Data excerpts:
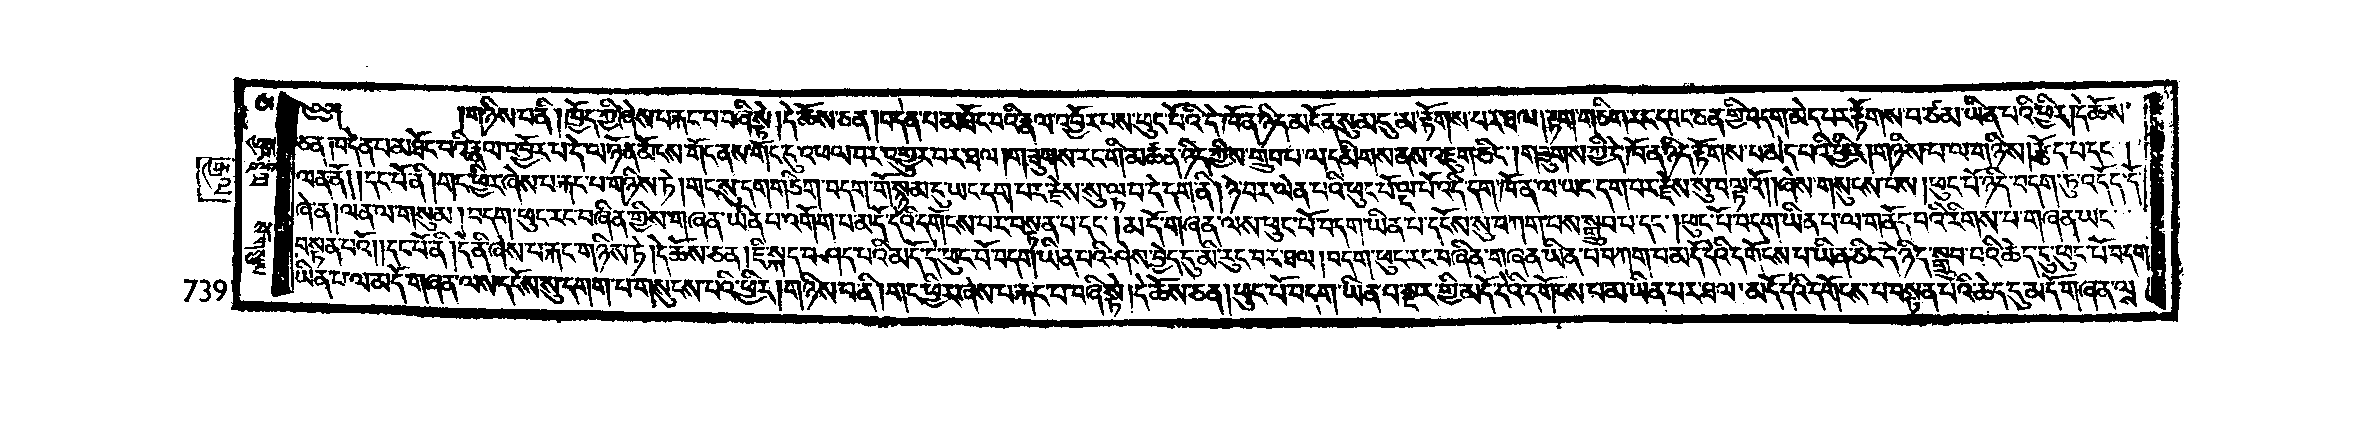༄༅། །གཉིས་པ་ནི། ཁྱོད་ཀྱི་ཞེས་པ་རྐང་པ་བཞི་སྟེ། དེ་ཆོས་ཅན། བདེན་པ་མཐོང་བའི་རྣལ་འབྱོར་པས་ཕུང་པོའི་དེ་ཁོ་ན་ཉིད་མངོན་སུམ་དུ་མ་རྟོགས་པར་ཐལ། རྟག་གཅིག་རང་དབང་ཅན་གྱི་བདག་མེད་པར་རྟོགས་པ་ཙམ་ཡིན་པའི་ཕྱིར། དེ་ཆོས་
ཅན། བདེན་པ་མཐོང་བའི་རྣལ་འབྱོར་པ་དེ་ལ་ཉོན་མོངས་གོང་ནས་གོང་དུ་འཕལ་བར་འགྱུར་བར་ཐལ། གཟུགས་རང་གི་མཚན་ཉིད་ཀྱིས་གྲུབ་པ་ལ་དམིགས་ནས་འཇུག་ཅིང་། གཟུགས་ཀྱི་དེ་ཁོ་ན་ཉིད་རྟོགས་པ་མེད་པའི་ཕྱིར། གཉིས་པ་ལ་གཉིས། རྩོད་པ་དང་།
ལན་ནོ། །དང་པོ་ནི། གང་ཕྱིར་ཞེས་པ་རྐང་པ་གཉིས་ཏེ། གང་སུ་དགག་ཅིག་བདག་གོ་སྙམ་དུ་ཡང་དག་པར་རྗེས་སུ་ལྟ་བ་དེ་དག་ནི། ཉེ་བར་ལེན་པའི་ཕུང་པོ་ལྔ་པོ་འདི་དག་ཁོ་ན་ལ་ཡང་དག་པར་རྗེས་སུ་བལྟའོ། །ཞེས་གསུངས་པས། ཕུང་པོ་ཉིད་བདག་ཏུ་འདོད་དོ་
ཞེ་ན། ལན་ལ་གསུམ། བདག་ཕུང་རང་བཞིན་གྱིས་གཞན་ཡིན་པ་འགོག་པ་མདོ་དེའི་དགོངས་པར་བསྟན་པ་དང་། མདོ་གཞན་ལས་ཕུང་པོ་བདག་ཡིན་པ་དངོས་སུ་བཀག་པས་སྒྲུབ་པ་དང་། ཕུང་པོ་བདག་ཡིན་པ་ལ་གནོད་པའི་རིགས་པ་གཞན་ཡང་
བསྟན་པའོ། །དང་པོ་ནི། དེ་ནི་ཞེས་པ་རྐང་གཉིས་ཏེ། དེ་ཆོས་ཅན། ཇི་སྐད་བཤད་པའི་མདོ་དེ་ཕུང་པོ་བདག་ཡིན་པའི་ཤེས་བྱེད་དུ་མི་རུང་བར་ཐལ། བདག་ཕུང་རང་བཞིན་གཞན་ཡིན་པ་བཀག་པ་མདོ་དེའི་དགོངས་པ་ཡིན་ཅིང་དེ་ཉིད་སྒྲུབ་པའི་ཆེད་དུ་ཕུང་པོ་བདག་
ཡིན་པ་ལ་མདོ་གཞན་ལས་དངོས་སུ་དགག་པ་གསུངས་པའི་ཕྱིར། གཉིས་པ་ནི། གང་ཕྱིར་ཞེས་པ་རྐང་པ་བཞི་སྟེ། དེ་ཆོས་ཅན། ཕུང་པོ་བདག་ཡིན་པ་སྔར་གྱི་མདོ་དེའི་དགོངས་པ་མ་ཡིན་པར་ཐལ་མདོ་དེའི་དགོངས་པ་བསྟན་པའི་ཆེད་དུ་མདོ་གཞན་ལས་

> Task goal
Give back exactly the lines from the top of the records to the line containing "བསྟན་པའོ། །དང་པོ་ནི། དེ་ནི་ཞེས་པ་རྐང་གཉིས་ཏེ།", both included, and no pictures.

> Response to the exercise
༄༅། །གཉིས་པ་ནི། ཁྱོད་ཀྱི་ཞེས་པ་རྐང་པ་བཞི་སྟེ། དེ་ཆོས་ཅན། བདེན་པ་མཐོང་བའི་རྣལ་འབྱོར་པས་ཕུང་པོའི་དེ་ཁོ་ན་ཉིད་མངོན་སུམ་དུ་མ་རྟོགས་པར་ཐལ། རྟག་གཅིག་རང་དབང་ཅན་གྱི་བདག་མེད་པར་རྟོགས་པ་ཙམ་ཡིན་པའི་ཕྱིར། དེ་ཆོས་
ཅན། བདེན་པ་མཐོང་བའི་རྣལ་འབྱོར་པ་དེ་ལ་ཉོན་མོངས་གོང་ནས་གོང་དུ་འཕལ་བར་འགྱུར་བར་ཐལ། གཟུགས་རང་གི་མཚན་ཉིད་ཀྱིས་གྲུབ་པ་ལ་དམིགས་ནས་འཇུག་ཅིང་། གཟུགས་ཀྱི་དེ་ཁོ་ན་ཉིད་རྟོགས་པ་མེད་པའི་ཕྱིར། གཉིས་པ་ལ་གཉིས། རྩོད་པ་དང་།
ལན་ནོ། །དང་པོ་ནི། གང་ཕྱིར་ཞེས་པ་རྐང་པ་གཉིས་ཏེ། གང་སུ་དགག་ཅིག་བདག་གོ་སྙམ་དུ་ཡང་དག་པར་རྗེས་སུ་ལྟ་བ་དེ་དག་ནི། ཉེ་བར་ལེན་པའི་ཕུང་པོ་ལྔ་པོ་འདི་དག་ཁོ་ན་ལ་ཡང་དག་པར་རྗེས་སུ་བལྟའོ། །ཞེས་གསུངས་པས། ཕུང་པོ་ཉིད་བདག་ཏུ་འདོད་དོ་
ཞེ་ན། ལན་ལ་གསུམ། བདག་ཕུང་རང་བཞིན་གྱིས་གཞན་ཡིན་པ་འགོག་པ་མདོ་དེའི་དགོངས་པར་བསྟན་པ་དང་། མདོ་གཞན་ལས་ཕུང་པོ་བདག་ཡིན་པ་དངོས་སུ་བཀག་པས་སྒྲུབ་པ་དང་། ཕུང་པོ་བདག་ཡིན་པ་ལ་གནོད་པའི་རིགས་པ་གཞན་ཡང་
བསྟན་པའོ། །དང་པོ་ནི། དེ་ནི་ཞེས་པ་རྐང་གཉིས་ཏེ། དེ་ཆོས་ཅན། ཇི་སྐད་བཤད་པའི་མདོ་དེ་ཕུང་པོ་བདག་ཡིན་པའི་ཤེས་བྱེད་དུ་མི་རུང་བར་ཐལ། བདག་ཕུང་རང་བཞིན་གཞན་ཡིན་པ་བཀག་པ་མདོ་དེའི་དགོངས་པ་ཡིན་ཅིང་དེ་ཉིད་སྒྲུབ་པའི་ཆེད་དུ་ཕུང་པོ་བདག་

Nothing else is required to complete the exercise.